Quando si finisce e si esce dal «Tso»?

«Come detto, il Tso è praticato solo ed esclusivamente quando siamo certi che la persona non è in grado di prendersi cura di se stessa, ma nella quasi totalità dei casi, visto che da noi i Tso non superano i 20 all'anno, cerchiamo di convincere il paziente ad un ricovero volontario, garantendogli sempre la possibilità di comunicare con i propri cari. Da questo trattamento si esce quanto prima, e quando paziente e dottore trovano un accordo. Quindi, si prova ad aumentare gradualmente il suo livello di libertà».

Si può guarire da una patologia psichica invalidante?

«Certo. Nel senso che, dopo le cure del caso, il paziente impara a vivere meglio con le proprie vulnerabilità, ritornando ad essere attivo e positivo. Ecco, in questo senso, si, si guarisce».

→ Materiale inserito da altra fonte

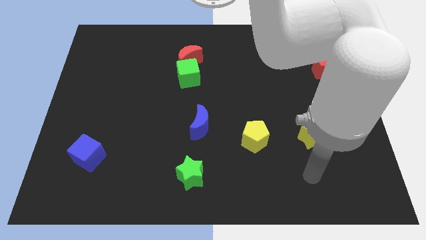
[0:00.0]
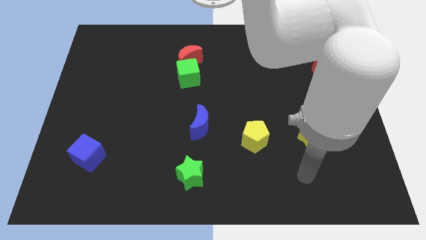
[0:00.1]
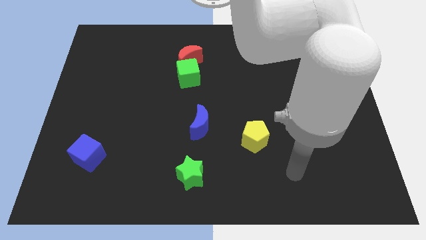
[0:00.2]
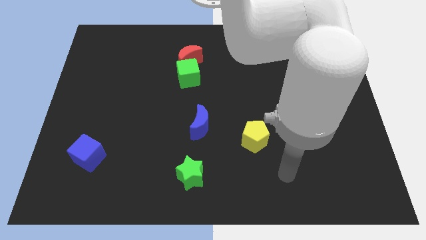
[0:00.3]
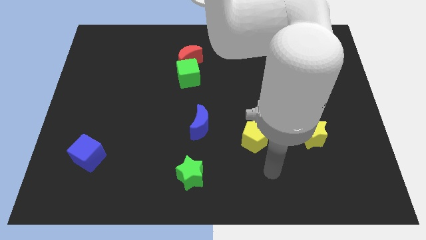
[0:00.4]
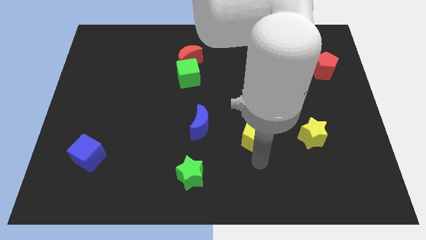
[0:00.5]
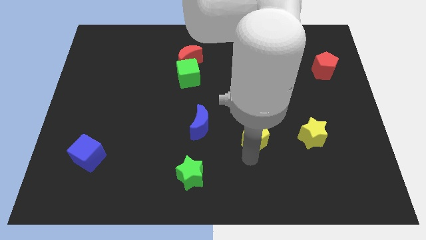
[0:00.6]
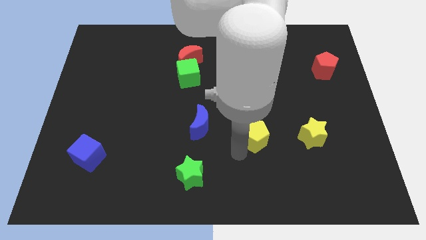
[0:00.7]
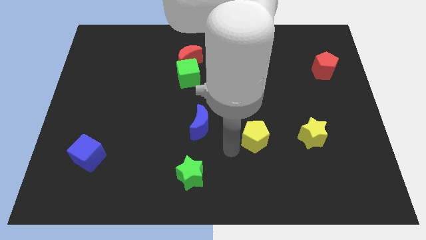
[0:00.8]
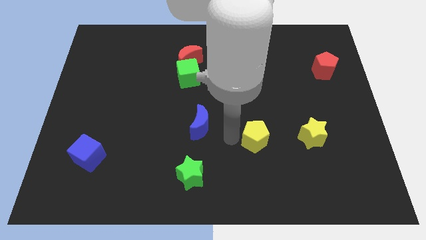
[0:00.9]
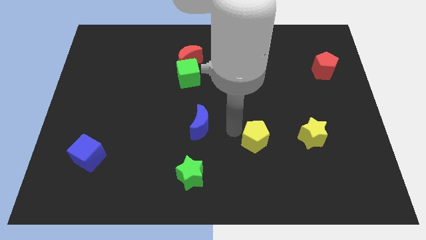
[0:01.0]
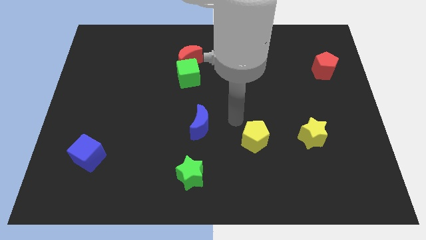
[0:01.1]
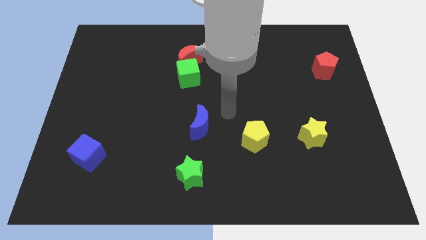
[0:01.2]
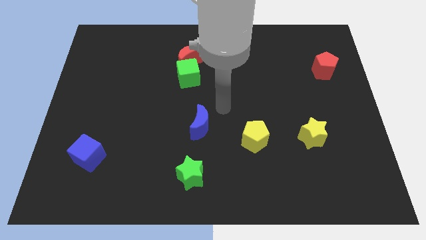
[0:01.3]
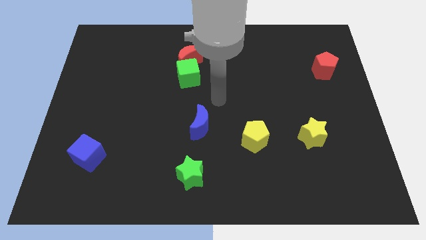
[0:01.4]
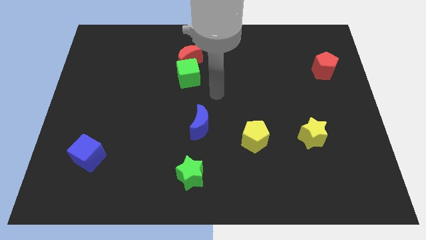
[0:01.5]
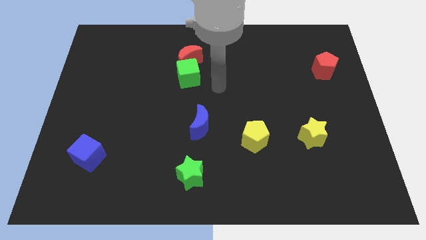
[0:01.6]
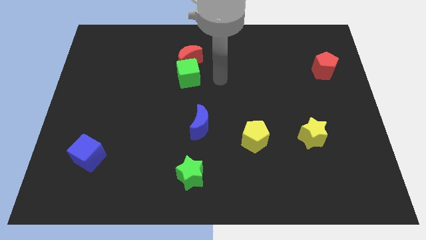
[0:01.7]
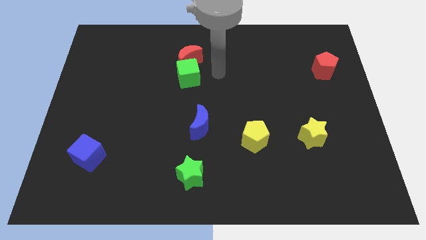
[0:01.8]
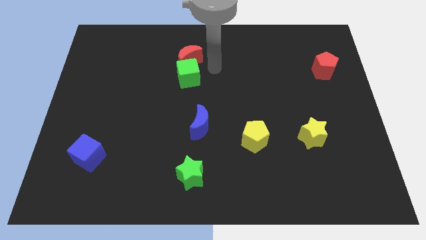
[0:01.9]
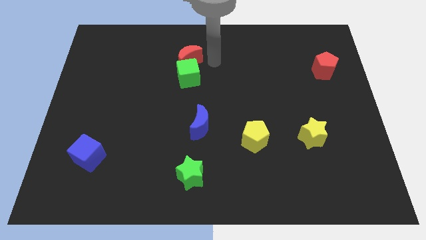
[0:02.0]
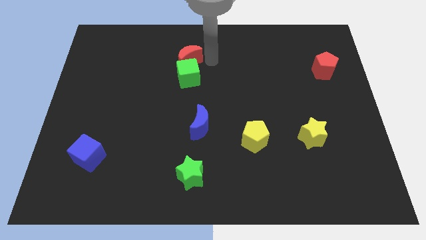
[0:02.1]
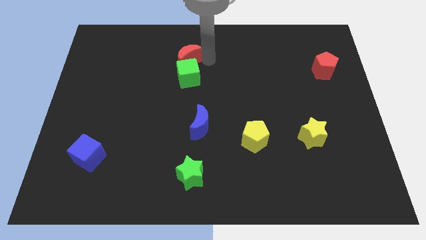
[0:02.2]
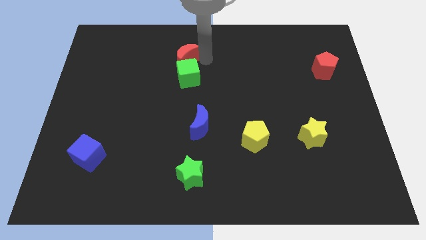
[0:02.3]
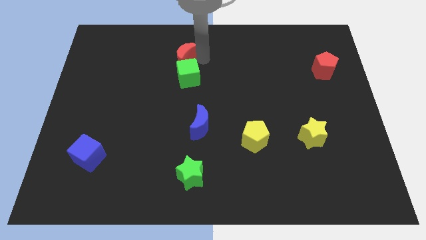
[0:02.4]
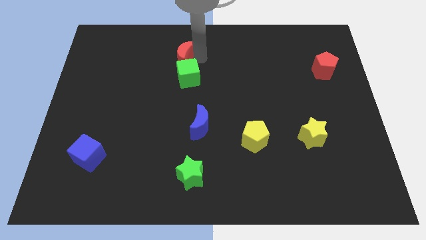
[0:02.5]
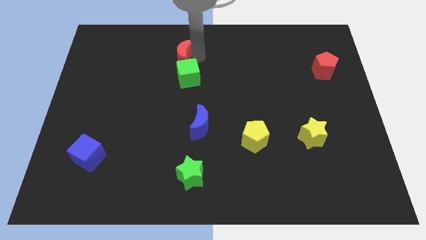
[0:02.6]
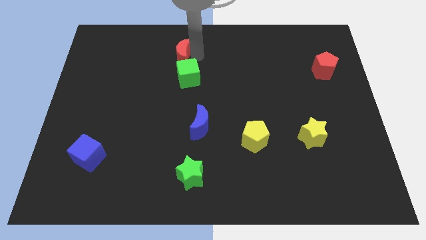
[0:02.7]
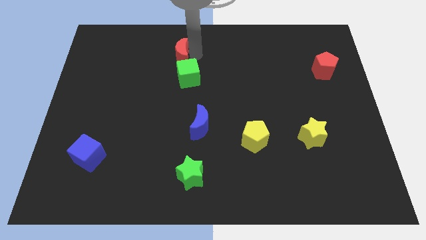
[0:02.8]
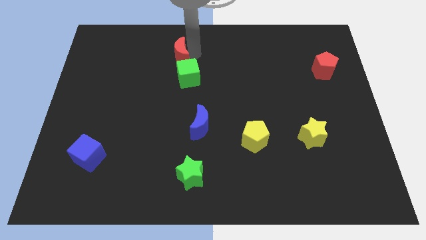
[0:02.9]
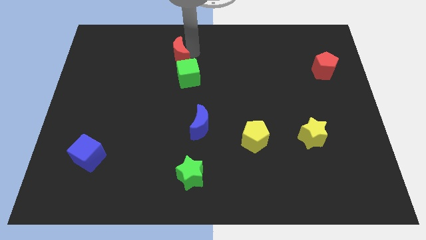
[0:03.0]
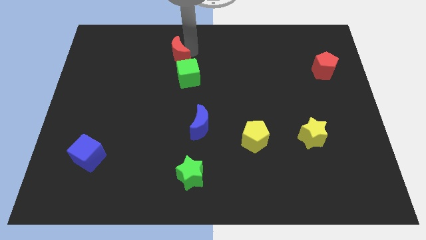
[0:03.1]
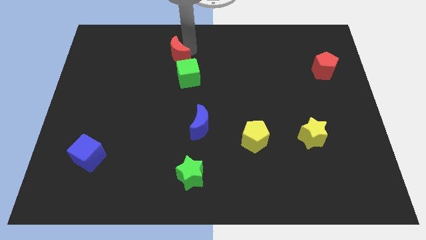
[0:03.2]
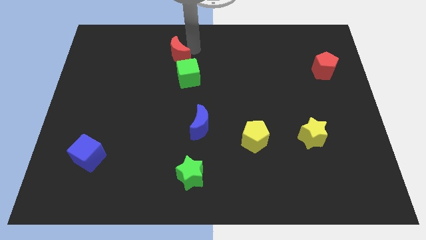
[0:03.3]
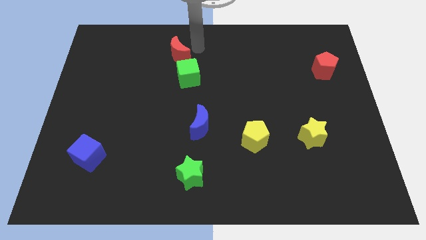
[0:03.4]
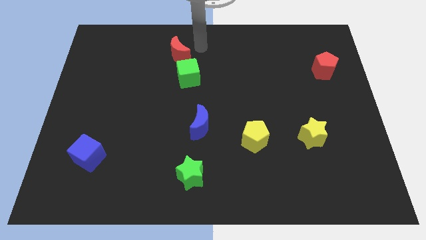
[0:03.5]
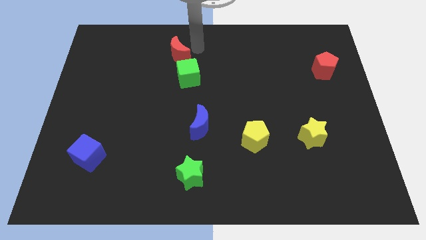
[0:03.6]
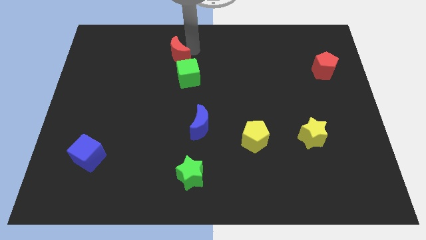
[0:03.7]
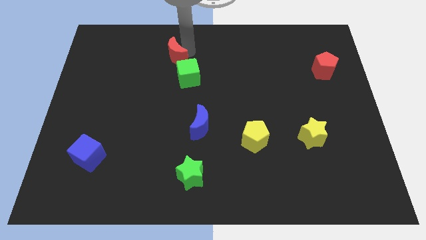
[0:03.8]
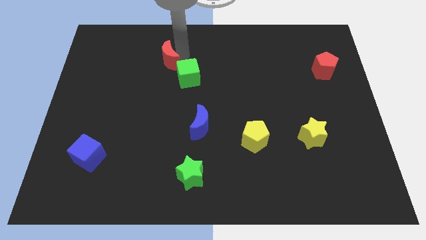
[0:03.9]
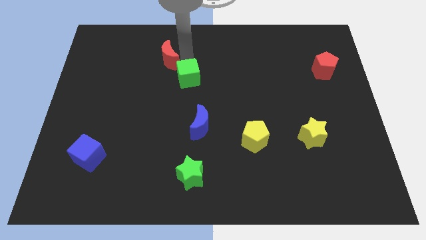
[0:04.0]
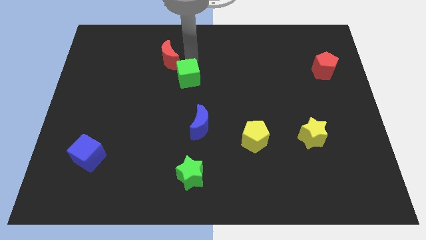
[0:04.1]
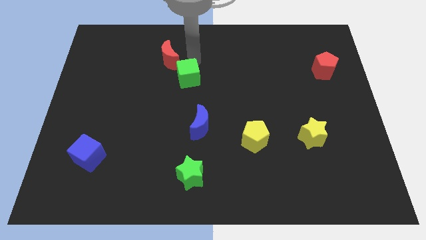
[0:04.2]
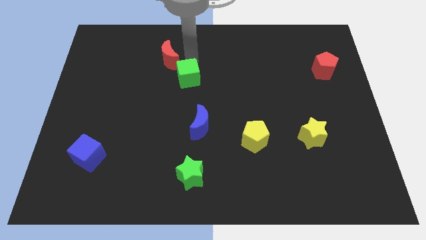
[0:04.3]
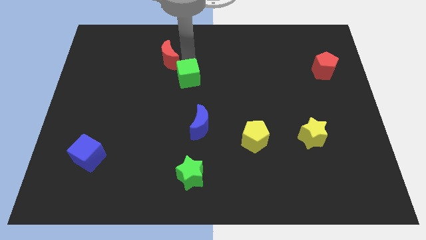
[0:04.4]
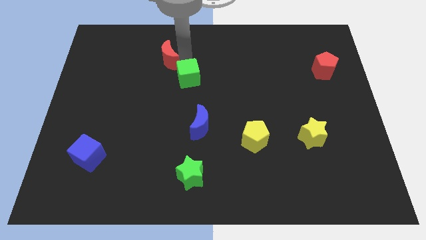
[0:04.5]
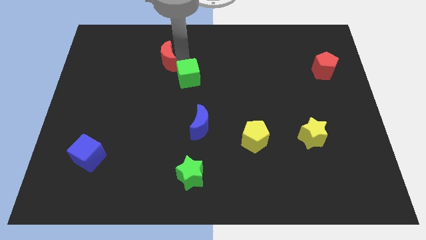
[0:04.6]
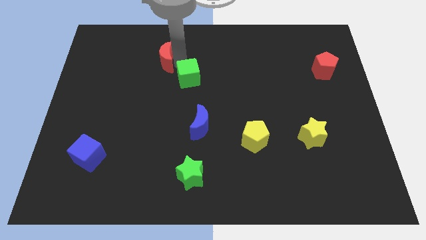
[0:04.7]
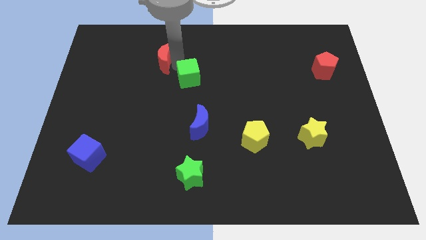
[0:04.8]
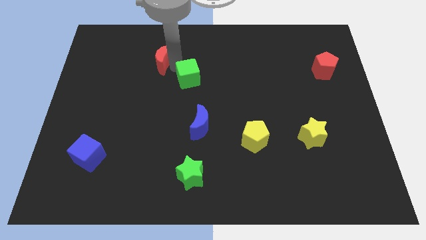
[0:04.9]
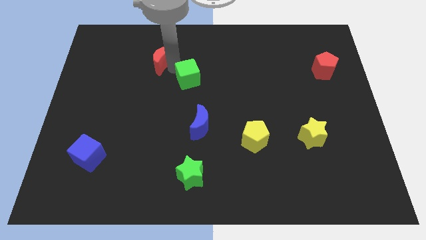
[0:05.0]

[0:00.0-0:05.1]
slide the red moon left somewhat

Il suo più grande successo?

«Araidne, un progetto provinciale dove un gruppo di persona diventa esperto per esperienza e si mette a disposizione di familiari di pazienti o pazienti stessi. Sono pazienti che hanno avuto un percorso di crisi grave, poi superato, che ha fatto formazione e supportato i loro pari e negli incontri di Trialogo. Incontri tra esperti, familiari e utenti, dove chi ha sofferto racconta la sua esperienza».

Insomma, pazienti guariti che aiutano altri a guarire?

«Si, e quando sei di fronte a un tuo ex paziente, ricordi le sofferenze che ha patito, il lungo percorso per rialzare la testa, e lo vedi moderare un gruppo di quaranta persone e contribuire alla discussione, allora capisci di avercela fatta».